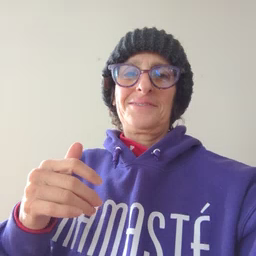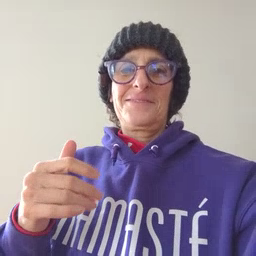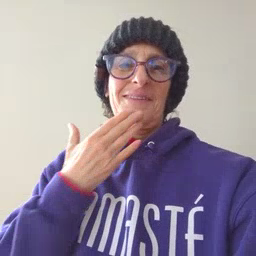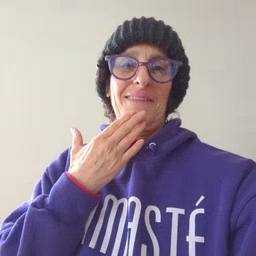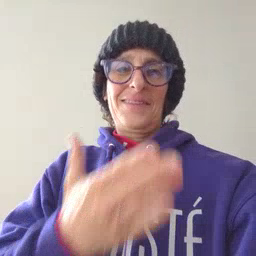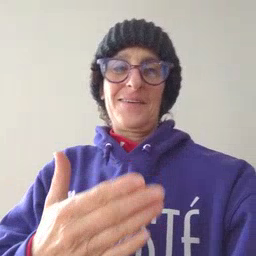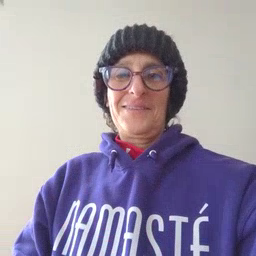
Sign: thankyou
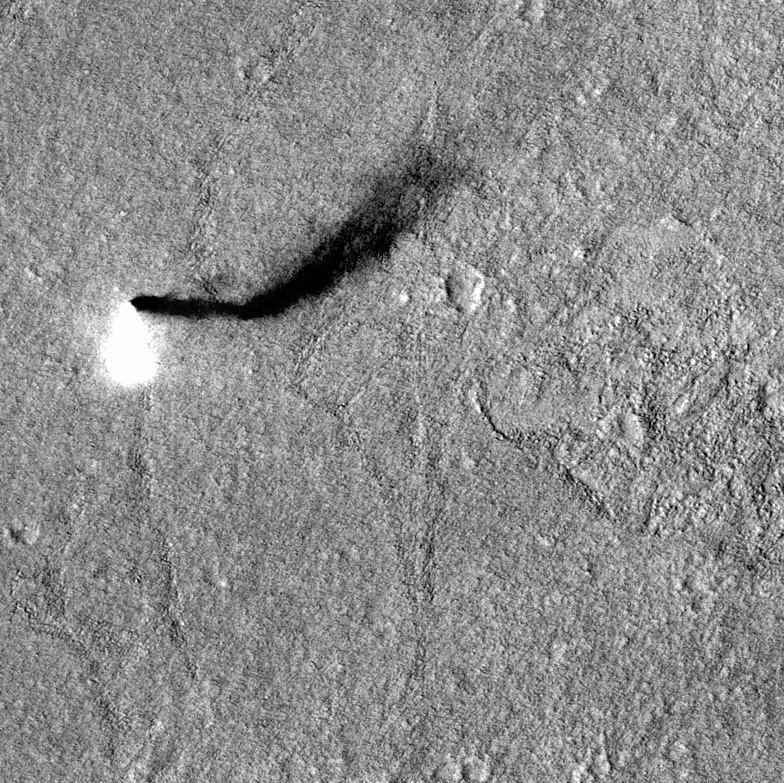
Label: dustdevil
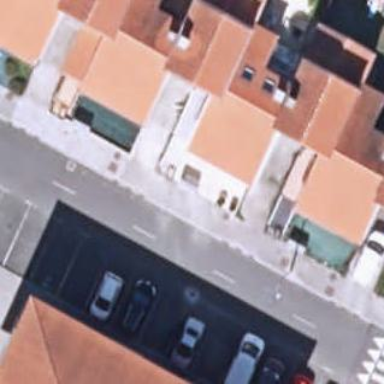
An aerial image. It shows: Simple and straightforward house.
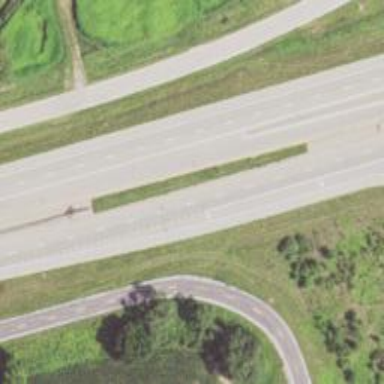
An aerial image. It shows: Trunk highway.
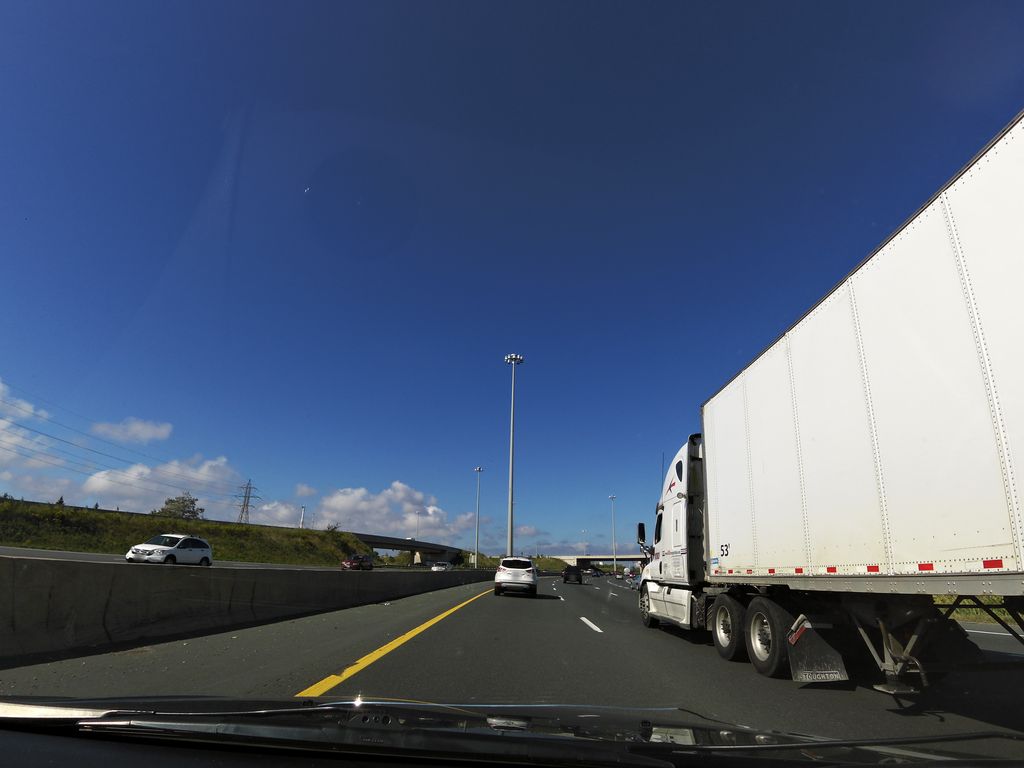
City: hamilton
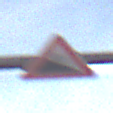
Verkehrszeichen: Gefaelle10
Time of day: MorningAfternoon
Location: Outdoor (Special)
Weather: PartlyCloudy
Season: NotSpecified
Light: Natural
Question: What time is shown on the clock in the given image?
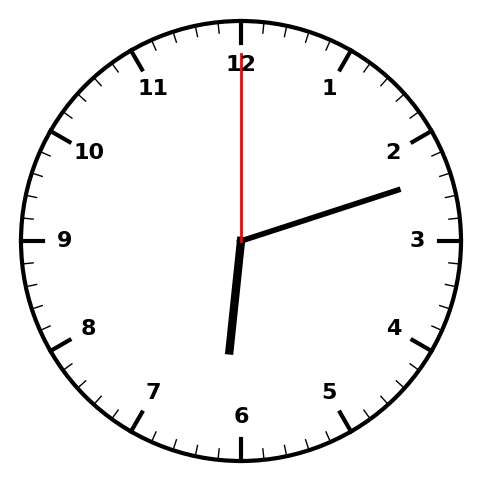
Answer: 06:12:00
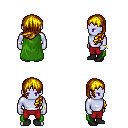
a pixel art fantasy rpg character, male body template, dark elf, purple skin, green cape, red pants, blonde left-swept hairstyle, bracelets, black shoes, four views (front, back, left, right), 2x2 character sprite sheet, small pixel art, hard edges, no anti-aliasing
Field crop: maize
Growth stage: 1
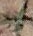
Species: atriplex
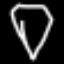
Label: diamond
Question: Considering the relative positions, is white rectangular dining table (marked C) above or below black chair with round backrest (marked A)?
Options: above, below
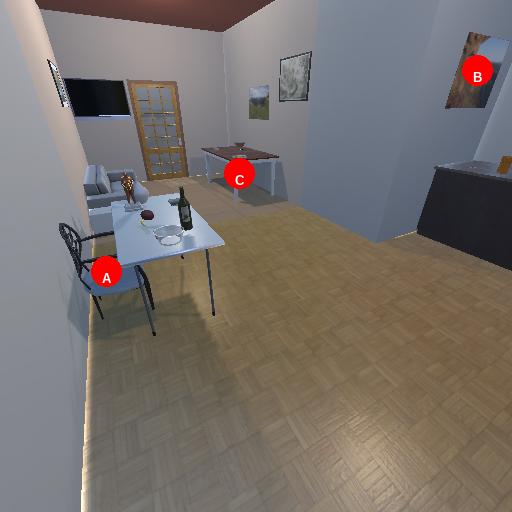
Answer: above
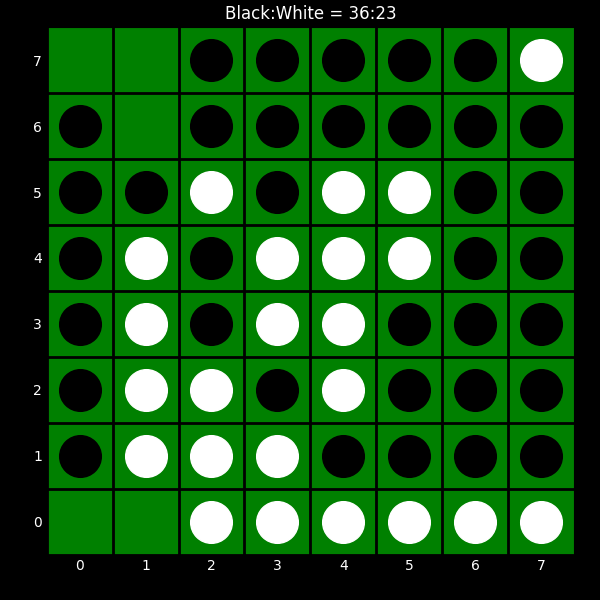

Task description — Each line in the data that holds the string "above" should be found and copied.

Written answer —
Question: Considering the relative positions, is white rectangular dining table (marked C) above or below black chair with round backrest (marked A)?
Options: above, below
Answer: above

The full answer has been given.